Bruce LeVell, a jeweler from Atlanta, Georgia, is one of the group's founders and its executive director. Other members include Omarosa Manigault, best known from "The Apprentice", and Michael Cohen, counsel for the Trump organization.

LeVell says that he's had many African-American and Hispanic-Americans reaching out to join in.

"Everyone on there is pretty much a referral- referred by someone in some level of leadership in their community. It's not so much that they're staunch Republicans but they believe in the candidate," he said.

Sajid Tarar, a former lawyer, heads up the "Muslim Americans for Trump" subgroup. He says that he's part of the "angry Americans" who are sick with Washington and says that he has done outreach events in Baltimore (where he lives) that have seen 200 people come out. He also does outreach in mosques.

"Some of them they are very tough, [they have] very harsh words. They tell us we are traitors because the man is against Islam and you are promoting them," Tarar said. He adds, "There are some that are listening to us and are paying attention."

He bristles against the accusation that Trump's proposed Muslim ban makes him Islamophobic or xenophobic and says that he's knows Trump will clarify once he gets in office.

"But no he's going to explain, he's going go into the details...when he goes into the White House," Tarar said.

So What Now?

But there will be lots of explaining to do, lots of ground for the Party to make up, if polls are correct.

"The party began last year at huge deficit with black and brown voters. Rather than make progress, Trump has dug the GOP in a hole much, much deeper than previously imaginable," Badger mused. He does see a possibility for Trump to do well with Black male voters "with his "Mexicans are stealing your jobs" demagoguery."
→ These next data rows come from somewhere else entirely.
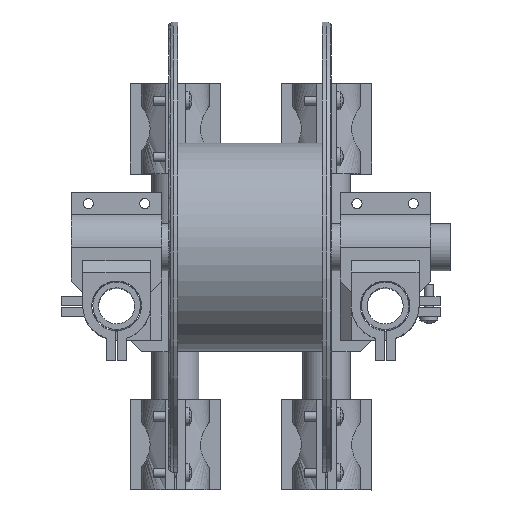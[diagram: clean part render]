
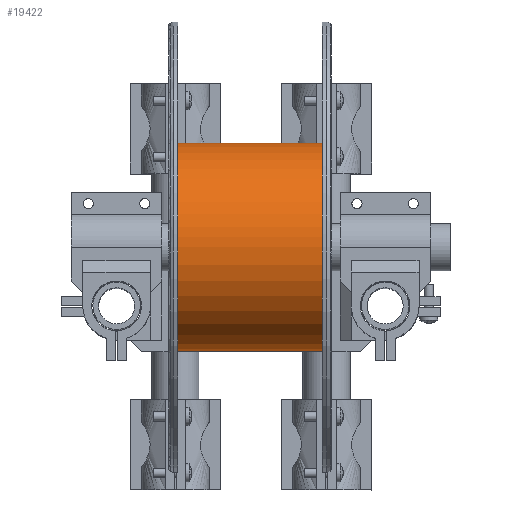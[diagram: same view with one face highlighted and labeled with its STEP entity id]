
A CAD part, top view. The second image highlights one B-rep face of the part: STEP entity #19422.
In plain terms, the highlighted free-form (B-spline) face has degree [2, 1] with [9, 2] control points.
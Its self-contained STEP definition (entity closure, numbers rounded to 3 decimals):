
#19406 = EDGE_CURVE('',#19407,#19407,#19409,.T.);
#19407 = VERTEX_POINT('',#19408);
#19408 = CARTESIAN_POINT('',(116.425,38.72,
    269.046));
#19409 = ( BOUNDED_CURVE() B_SPLINE_CURVE(2,(#19410,#19411,#19412,#19413
    ,#19414,#19415,#19416),.UNSPECIFIED.,.T.,.F.) 
B_SPLINE_CURVE_WITH_KNOTS((3,2,2,3),(3.142,5.236,
7.33,9.425),.PIECEWISE_BEZIER_KNOTS.) CURVE() 
GEOMETRIC_REPRESENTATION_ITEM() RATIONAL_B_SPLINE_CURVE((1.,0.5,1.,0.5,
1.,0.5,1.)) REPRESENTATION_ITEM('') );
#19410 = CARTESIAN_POINT('',(116.425,38.72,
    269.046));
#19411 = CARTESIAN_POINT('',(116.425,-80.321,
    269.046));
#19412 = CARTESIAN_POINT('',(116.425,-20.8,
    165.953));
#19413 = CARTESIAN_POINT('',(116.425,38.72,
    62.861));
#19414 = CARTESIAN_POINT('',(116.425,98.241,
    165.953));
#19415 = CARTESIAN_POINT('',(116.425,157.761,
    269.046));
#19416 = CARTESIAN_POINT('',(116.425,38.72,
    269.046));
#19422 = ADVANCED_FACE('',(#19423),#19444,.T.);
#19423 = FACE_BOUND('',#19424,.T.);
#19424 = EDGE_LOOP('',(#19425,#19437,#19442,#19443));
#19425 = ORIENTED_EDGE('',*,*,#19426,.F.);
#19426 = EDGE_CURVE('',#19427,#19427,#19429,.T.);
#19427 = VERTEX_POINT('',#19428);
#19428 = CARTESIAN_POINT('',(211.737,38.72,
    269.046));
#19429 = ( BOUNDED_CURVE() B_SPLINE_CURVE(2,(#19430,#19431,#19432,#19433
    ,#19434,#19435,#19436),.UNSPECIFIED.,.T.,.F.) 
B_SPLINE_CURVE_WITH_KNOTS((3,2,2,3),(3.142,5.236,
7.33,9.425),.PIECEWISE_BEZIER_KNOTS.) CURVE() 
GEOMETRIC_REPRESENTATION_ITEM() RATIONAL_B_SPLINE_CURVE((1.,0.5,1.,0.5,
1.,0.5,1.)) REPRESENTATION_ITEM('') );
#19430 = CARTESIAN_POINT('',(211.737,38.72,
    269.046));
#19431 = CARTESIAN_POINT('',(211.737,-80.321,
    269.046));
#19432 = CARTESIAN_POINT('',(211.737,-20.8,
    165.953));
#19433 = CARTESIAN_POINT('',(211.737,38.72,
    62.861));
#19434 = CARTESIAN_POINT('',(211.737,98.241,
    165.953));
#19435 = CARTESIAN_POINT('',(211.737,157.761,
    269.046));
#19436 = CARTESIAN_POINT('',(211.737,38.72,
    269.046));
#19437 = ORIENTED_EDGE('',*,*,#19438,.T.);
#19438 = EDGE_CURVE('',#19427,#19407,#19439,.T.);
#19439 = B_SPLINE_CURVE_WITH_KNOTS('',1,(#19440,#19441),.UNSPECIFIED.,
  .F.,.F.,(2,2),(-32.,32.),.PIECEWISE_BEZIER_KNOTS.);
#19440 = CARTESIAN_POINT('',(211.737,38.72,
    269.046));
#19441 = CARTESIAN_POINT('',(116.425,38.72,
    269.046));
#19442 = ORIENTED_EDGE('',*,*,#19406,.T.);
#19443 = ORIENTED_EDGE('',*,*,#19438,.F.);
#19444 = ( BOUNDED_SURFACE() B_SPLINE_SURFACE(2,1,(
    (#19445,#19446)
    ,(#19447,#19448)
    ,(#19449,#19450)
    ,(#19451,#19452)
    ,(#19453,#19454)
    ,(#19455,#19456)
    ,(#19457,#19458)
    ,(#19459,#19460)
    ,(#19461,#19462
)),.UNSPECIFIED.,.T.,.F.,.F.) B_SPLINE_SURFACE_WITH_KNOTS((3,2,2,2,3),(2
    ,2),(-3.142,-2.094,0.,2.094,3.142)
,(-32.,32.),.UNSPECIFIED.) GEOMETRIC_REPRESENTATION_ITEM() 
RATIONAL_B_SPLINE_SURFACE((
    (0.75,0.75)
    ,(0.75,0.75)
    ,(1.,1.)
    ,(0.5,0.5)
    ,(1.,1.)
    ,(0.5,0.5)
    ,(1.,1.)
    ,(0.75,0.75)
,(0.75,0.75))) REPRESENTATION_ITEM('') SURFACE() );
#19445 = CARTESIAN_POINT('',(116.425,38.72,
    269.046));
#19446 = CARTESIAN_POINT('',(211.737,38.72,
    269.046));
#19447 = CARTESIAN_POINT('',(116.425,-0.96,
    269.046));
#19448 = CARTESIAN_POINT('',(211.737,-0.96,
    269.046));
#19449 = CARTESIAN_POINT('',(116.425,-20.8,
    234.682));
#19450 = CARTESIAN_POINT('',(211.737,-20.8,
    234.682));
#19451 = CARTESIAN_POINT('',(116.425,-80.321,
    131.589));
#19452 = CARTESIAN_POINT('',(211.737,-80.321,
    131.589));
#19453 = CARTESIAN_POINT('',(116.425,38.72,
    131.589));
#19454 = CARTESIAN_POINT('',(211.737,38.72,
    131.589));
#19455 = CARTESIAN_POINT('',(116.425,157.761,
    131.589));
#19456 = CARTESIAN_POINT('',(211.737,157.761,
    131.589));
#19457 = CARTESIAN_POINT('',(116.425,98.241,
    234.682));
#19458 = CARTESIAN_POINT('',(211.737,98.241,
    234.682));
#19459 = CARTESIAN_POINT('',(116.425,78.401,
    269.046));
#19460 = CARTESIAN_POINT('',(211.737,78.401,
    269.046));
#19461 = CARTESIAN_POINT('',(116.425,38.72,
    269.046));
#19462 = CARTESIAN_POINT('',(211.737,38.72,
    269.046));

So much of the RNC's outreach was community-based. Staffers go door-to-door in Latino communities, a black church in Cleveland gets a visit from RNC Chair Reince Priebus, and staffers welcome Asian and Pacific Islander Americans during naturalization ceremonies. Now, they not only have to win these voters over to the party, but defend their nominee from accusations of prejudice and divisive rhetoric; which Democrats have already begun to use to their advantage.

When Trump decided to celebrate Cinco de Mayo by tweeting a picture of himself eating a taco bowl (an American dish), Hillary Clinton was swift to respond.

“I don't think he's a racist, I don't think anyone thinks Trump is a racist; he is detached from how to do with some of these constituency groups and he has to learn quickly,” said the former RNC staffer who requested anonymity.

She says that he’s proven adept at learning, but fears the his early comments will continue to haunt him. “I do think he has done damage early on, the same way he has done with women," she said.

The former RNC staffer says that Trump can’t afford to not change his strategies and notes that he needs to build diversity within his own staff.

“It’s absolutely worth it," she said. "It’s not just about winning, it's the right thing to do."